The CJR’s decision confirms that there is significant evidence that the Philippe government’s pandemic response involved state criminality. In French law, an “assisted witness” is a person implicated in a criminal case against whom there is evidence to suggest guilt in the offence. Philippe is an assisted witness for the offences of “endangering the life of others” and “voluntary abstention from fighting a disaster.”

Thousands of individuals, doctors and associations have filed complaints against members of the government for their role in the pandemic, which has killed more than 156,000 people in France and almost 2 million across Europe to date.

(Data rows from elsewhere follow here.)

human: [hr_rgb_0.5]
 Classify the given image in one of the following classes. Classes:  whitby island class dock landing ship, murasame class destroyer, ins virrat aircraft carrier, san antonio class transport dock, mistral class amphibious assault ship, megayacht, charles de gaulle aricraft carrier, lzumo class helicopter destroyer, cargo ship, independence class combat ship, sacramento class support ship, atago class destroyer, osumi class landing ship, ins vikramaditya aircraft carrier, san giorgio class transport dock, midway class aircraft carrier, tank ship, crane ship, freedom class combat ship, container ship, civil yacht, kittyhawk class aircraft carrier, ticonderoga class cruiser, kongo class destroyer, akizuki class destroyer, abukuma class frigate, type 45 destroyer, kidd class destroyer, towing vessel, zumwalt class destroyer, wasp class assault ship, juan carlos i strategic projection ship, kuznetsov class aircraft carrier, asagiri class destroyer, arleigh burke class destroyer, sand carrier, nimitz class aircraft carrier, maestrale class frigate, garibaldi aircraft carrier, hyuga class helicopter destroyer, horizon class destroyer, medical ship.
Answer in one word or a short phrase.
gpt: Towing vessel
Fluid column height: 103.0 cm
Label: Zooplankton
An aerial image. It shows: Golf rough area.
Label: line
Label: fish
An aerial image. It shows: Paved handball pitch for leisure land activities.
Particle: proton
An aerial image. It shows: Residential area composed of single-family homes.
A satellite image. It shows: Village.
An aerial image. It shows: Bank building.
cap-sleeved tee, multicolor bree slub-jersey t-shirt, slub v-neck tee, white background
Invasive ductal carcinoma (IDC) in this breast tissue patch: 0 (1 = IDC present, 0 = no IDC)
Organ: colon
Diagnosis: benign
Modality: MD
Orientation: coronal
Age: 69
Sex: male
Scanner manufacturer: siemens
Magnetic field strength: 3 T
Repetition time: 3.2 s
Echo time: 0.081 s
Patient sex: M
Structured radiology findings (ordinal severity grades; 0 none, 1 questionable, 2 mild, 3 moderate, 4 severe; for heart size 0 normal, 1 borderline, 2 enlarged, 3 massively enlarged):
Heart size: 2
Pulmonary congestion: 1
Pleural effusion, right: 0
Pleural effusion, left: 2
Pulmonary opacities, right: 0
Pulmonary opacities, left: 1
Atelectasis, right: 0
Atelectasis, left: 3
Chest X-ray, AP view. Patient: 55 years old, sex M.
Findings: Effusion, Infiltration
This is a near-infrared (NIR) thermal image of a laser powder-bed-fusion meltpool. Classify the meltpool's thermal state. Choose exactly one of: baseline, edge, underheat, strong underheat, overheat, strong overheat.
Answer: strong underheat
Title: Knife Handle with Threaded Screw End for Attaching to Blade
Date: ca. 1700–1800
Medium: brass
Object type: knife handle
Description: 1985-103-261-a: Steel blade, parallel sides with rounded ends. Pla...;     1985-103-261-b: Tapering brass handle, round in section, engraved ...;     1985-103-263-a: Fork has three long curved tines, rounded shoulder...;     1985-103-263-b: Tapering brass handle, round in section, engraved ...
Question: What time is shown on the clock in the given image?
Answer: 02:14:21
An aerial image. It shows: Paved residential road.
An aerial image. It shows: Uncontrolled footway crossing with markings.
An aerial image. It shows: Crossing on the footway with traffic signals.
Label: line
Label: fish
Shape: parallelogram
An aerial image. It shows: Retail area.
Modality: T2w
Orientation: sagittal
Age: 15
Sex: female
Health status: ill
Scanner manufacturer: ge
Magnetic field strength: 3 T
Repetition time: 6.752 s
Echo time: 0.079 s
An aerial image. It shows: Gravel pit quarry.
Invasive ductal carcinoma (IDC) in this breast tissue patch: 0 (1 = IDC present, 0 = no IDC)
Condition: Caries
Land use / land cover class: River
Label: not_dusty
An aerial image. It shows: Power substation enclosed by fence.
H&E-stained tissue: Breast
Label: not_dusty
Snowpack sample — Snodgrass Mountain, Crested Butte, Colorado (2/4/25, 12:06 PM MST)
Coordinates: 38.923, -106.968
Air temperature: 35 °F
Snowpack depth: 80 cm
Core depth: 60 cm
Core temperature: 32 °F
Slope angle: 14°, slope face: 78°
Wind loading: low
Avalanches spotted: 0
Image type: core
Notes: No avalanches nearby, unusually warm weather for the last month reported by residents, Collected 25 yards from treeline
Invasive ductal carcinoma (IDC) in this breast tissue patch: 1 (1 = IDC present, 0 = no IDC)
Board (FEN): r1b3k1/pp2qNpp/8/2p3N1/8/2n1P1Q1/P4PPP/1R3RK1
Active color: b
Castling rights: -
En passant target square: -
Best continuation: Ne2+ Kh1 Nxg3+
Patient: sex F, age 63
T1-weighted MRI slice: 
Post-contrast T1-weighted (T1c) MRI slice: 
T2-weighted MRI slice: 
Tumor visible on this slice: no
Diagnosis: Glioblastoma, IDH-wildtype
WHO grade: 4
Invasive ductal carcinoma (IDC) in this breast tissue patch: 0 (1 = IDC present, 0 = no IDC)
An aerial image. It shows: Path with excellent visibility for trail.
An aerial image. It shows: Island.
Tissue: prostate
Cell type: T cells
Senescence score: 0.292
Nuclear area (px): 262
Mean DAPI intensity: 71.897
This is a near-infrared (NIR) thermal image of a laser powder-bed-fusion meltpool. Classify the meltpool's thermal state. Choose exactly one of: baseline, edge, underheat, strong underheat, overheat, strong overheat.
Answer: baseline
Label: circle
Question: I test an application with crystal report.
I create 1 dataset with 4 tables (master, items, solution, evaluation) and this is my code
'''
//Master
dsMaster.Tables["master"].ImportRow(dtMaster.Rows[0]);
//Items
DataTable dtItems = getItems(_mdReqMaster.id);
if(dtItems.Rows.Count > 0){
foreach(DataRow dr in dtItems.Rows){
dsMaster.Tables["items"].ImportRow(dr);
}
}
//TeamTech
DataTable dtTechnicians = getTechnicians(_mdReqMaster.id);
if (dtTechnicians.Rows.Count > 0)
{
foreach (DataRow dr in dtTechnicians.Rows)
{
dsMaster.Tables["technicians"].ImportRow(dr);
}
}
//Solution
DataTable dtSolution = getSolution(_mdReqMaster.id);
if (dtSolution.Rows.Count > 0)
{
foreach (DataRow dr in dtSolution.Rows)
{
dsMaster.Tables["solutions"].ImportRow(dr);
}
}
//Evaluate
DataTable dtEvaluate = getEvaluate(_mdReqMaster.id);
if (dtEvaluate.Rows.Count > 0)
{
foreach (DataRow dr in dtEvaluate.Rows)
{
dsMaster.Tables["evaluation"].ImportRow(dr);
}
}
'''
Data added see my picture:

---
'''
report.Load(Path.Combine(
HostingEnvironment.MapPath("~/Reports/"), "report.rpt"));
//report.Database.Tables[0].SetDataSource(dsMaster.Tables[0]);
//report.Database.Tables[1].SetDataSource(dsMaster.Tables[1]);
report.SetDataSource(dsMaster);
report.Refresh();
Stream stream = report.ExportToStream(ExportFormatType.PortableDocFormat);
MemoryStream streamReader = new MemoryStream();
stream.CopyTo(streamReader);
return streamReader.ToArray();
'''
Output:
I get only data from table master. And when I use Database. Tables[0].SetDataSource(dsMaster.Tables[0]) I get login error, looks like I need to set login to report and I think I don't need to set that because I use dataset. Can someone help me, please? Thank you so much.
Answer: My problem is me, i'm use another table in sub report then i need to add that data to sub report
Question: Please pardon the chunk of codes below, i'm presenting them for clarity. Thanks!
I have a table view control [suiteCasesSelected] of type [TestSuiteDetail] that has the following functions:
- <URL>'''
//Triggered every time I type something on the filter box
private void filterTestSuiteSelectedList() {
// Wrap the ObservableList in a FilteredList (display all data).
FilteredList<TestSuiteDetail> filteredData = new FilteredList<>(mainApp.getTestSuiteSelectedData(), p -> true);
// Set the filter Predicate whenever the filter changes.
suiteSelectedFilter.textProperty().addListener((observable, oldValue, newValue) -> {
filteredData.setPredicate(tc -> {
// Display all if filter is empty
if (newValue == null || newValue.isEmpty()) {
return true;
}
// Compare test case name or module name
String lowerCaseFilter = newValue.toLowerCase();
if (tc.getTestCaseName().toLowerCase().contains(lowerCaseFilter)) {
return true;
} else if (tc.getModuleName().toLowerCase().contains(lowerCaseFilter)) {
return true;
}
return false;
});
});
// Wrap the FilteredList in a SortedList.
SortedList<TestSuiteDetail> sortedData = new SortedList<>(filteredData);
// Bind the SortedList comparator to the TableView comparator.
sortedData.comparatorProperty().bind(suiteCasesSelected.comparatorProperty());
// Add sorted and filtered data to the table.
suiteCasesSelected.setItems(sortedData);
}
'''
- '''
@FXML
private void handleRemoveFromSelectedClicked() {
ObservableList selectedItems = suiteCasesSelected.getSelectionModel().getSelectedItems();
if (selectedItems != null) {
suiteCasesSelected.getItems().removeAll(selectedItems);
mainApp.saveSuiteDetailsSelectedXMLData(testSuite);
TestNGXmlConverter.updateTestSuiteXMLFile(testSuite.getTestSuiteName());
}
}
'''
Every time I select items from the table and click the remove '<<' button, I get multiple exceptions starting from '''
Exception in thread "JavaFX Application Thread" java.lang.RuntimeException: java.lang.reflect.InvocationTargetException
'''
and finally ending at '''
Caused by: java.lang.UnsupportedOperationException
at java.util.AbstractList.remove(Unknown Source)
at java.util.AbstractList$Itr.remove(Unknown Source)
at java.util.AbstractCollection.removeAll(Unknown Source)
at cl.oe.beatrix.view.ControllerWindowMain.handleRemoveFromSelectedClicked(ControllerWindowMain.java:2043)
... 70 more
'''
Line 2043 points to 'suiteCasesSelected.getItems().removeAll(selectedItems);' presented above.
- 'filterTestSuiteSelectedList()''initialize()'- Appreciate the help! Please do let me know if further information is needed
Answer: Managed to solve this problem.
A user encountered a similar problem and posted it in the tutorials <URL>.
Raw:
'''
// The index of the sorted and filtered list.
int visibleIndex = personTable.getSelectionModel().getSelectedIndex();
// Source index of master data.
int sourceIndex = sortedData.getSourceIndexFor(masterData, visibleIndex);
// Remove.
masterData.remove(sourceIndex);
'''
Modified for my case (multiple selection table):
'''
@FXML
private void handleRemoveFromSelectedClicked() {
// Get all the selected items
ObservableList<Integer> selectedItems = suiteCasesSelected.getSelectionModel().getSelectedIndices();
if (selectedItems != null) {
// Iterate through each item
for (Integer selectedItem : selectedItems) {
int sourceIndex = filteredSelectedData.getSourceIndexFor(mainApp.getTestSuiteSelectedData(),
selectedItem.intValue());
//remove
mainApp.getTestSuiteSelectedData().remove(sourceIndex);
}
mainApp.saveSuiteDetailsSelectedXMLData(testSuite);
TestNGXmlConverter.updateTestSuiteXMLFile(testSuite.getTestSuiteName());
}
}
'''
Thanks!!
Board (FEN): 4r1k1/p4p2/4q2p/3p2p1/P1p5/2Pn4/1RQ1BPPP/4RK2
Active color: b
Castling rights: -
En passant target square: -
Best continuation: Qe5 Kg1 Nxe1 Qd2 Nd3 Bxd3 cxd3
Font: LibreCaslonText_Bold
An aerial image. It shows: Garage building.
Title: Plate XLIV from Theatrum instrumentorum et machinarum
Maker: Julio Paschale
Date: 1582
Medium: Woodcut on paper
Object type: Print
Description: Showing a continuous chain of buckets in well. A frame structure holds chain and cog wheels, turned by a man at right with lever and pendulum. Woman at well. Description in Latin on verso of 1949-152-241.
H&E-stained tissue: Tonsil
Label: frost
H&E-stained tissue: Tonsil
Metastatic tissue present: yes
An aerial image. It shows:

The CJR therefore opened an investigation in July 2020 into the two charges against Philippe. The investigation targets several ministers: Philippe, Buzyn, her successor as Health Minister, Olivier Véran, and the Philippe government’s spokesperson, Sibeth Ndiaye. As for French President Emmanuel Macron, whose responsibility in imposing the policy of 'living with the virus' is massive, he enjoys legal immunity as president.

The CJR ordered searches, which took place in October 2020, at the homes of Philippe, Véran, Buzyn and Ndiaye, Jérôme Salomon, the director general of health, and Geneviève Chêne, the director of Santé Publique France. Amongst the failures Philippe will be required to explain are:

  • the drastic decrease in mask stocks before the pandemic;
  • the failure to recommend wearing a mask at the beginning of the pandemic;
  • the holding of municipal elections in March 2020;
  • the failure to activate the Inter-ministerial Crisis Committee (CIC) in a timely manner;
  • the failure to implement measures laid out in pre-existing pandemic plans.

Philippe delayed activating the CIC, even though he had signed a document less than a year earlier requiring the improvement of “government action in crisis management.” This document called for the ICC to be activated “sufficiently in advance, as soon as the extension of the crisis to several sectors is envisaged.” Despite alerts from China as early as December 2019 and the first cases in France in January 2020, the ICC was only activated on March 17, 2020, as France’s first confinement began.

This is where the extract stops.